*Task goal*
Below are records; transcribe only the line with "Lighting: day" and those after it, through the last line, without any change.

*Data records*
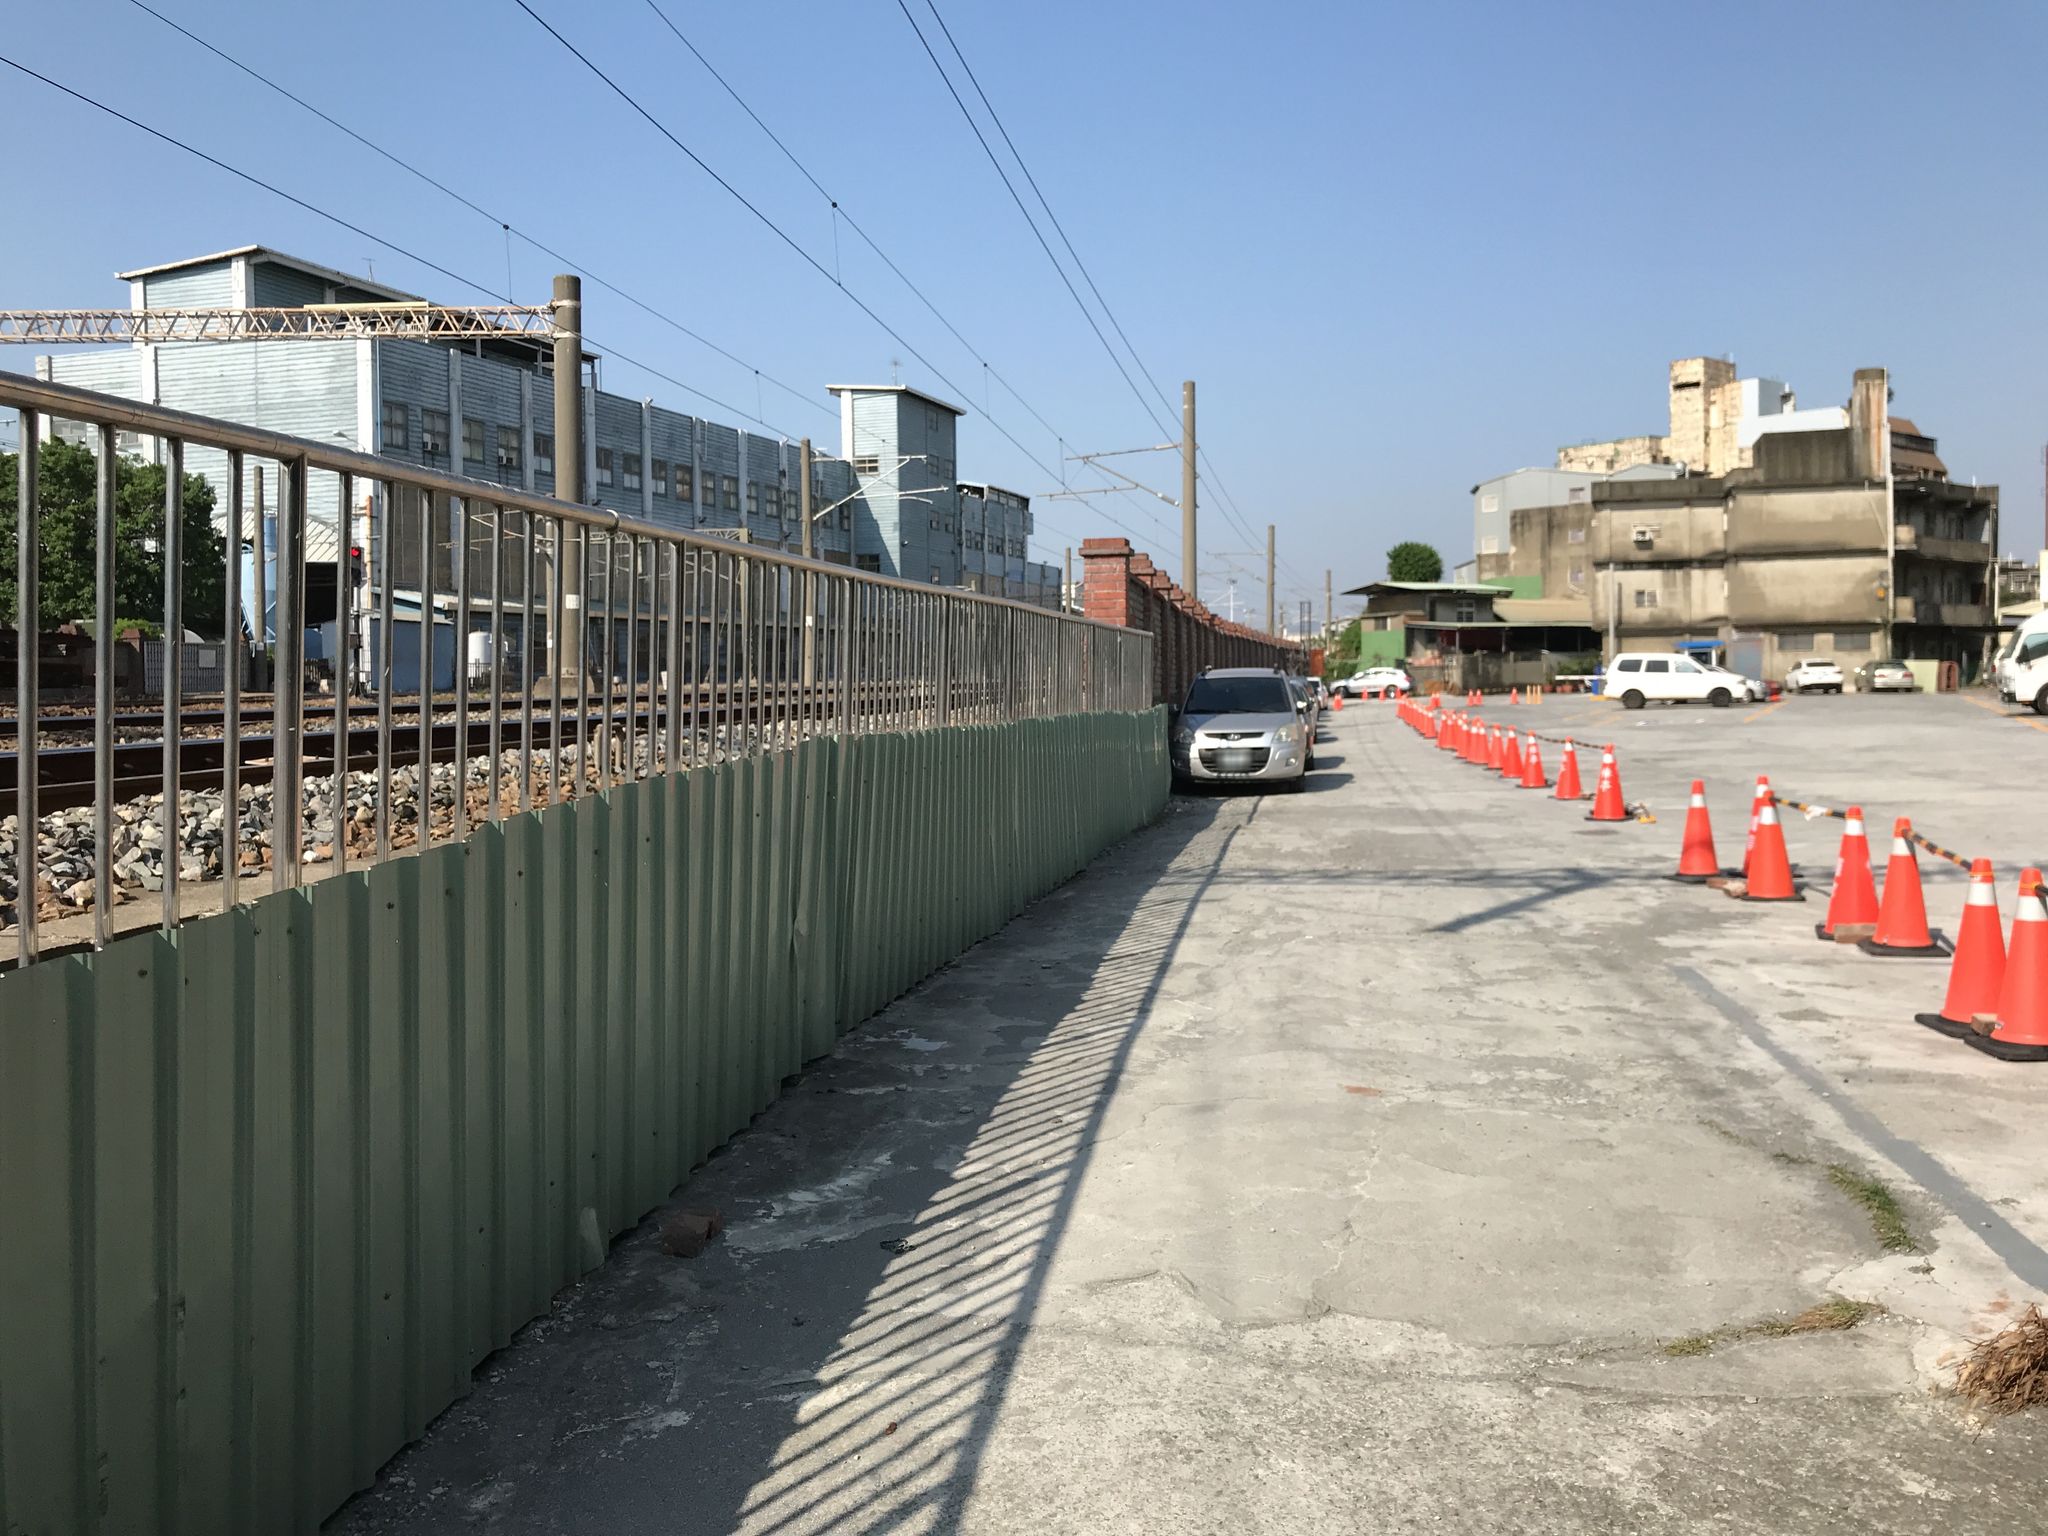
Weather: snowy
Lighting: day
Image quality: good
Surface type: walking surface
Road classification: unclassified, residential
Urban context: urban centre
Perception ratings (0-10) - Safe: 0.92, Lively: 1.24, Beautiful: 1.38, Boring: 2.76, Depressing: 4.4, Wealthy: 0.76

*Reply to the exercise*
Lighting: day
Image quality: good
Surface type: walking surface
Road classification: unclassified, residential
Urban context: urban centre
Perception ratings (0-10) - Safe: 0.92, Lively: 1.24, Beautiful: 1.38, Boring: 2.76, Depressing: 4.4, Wealthy: 0.76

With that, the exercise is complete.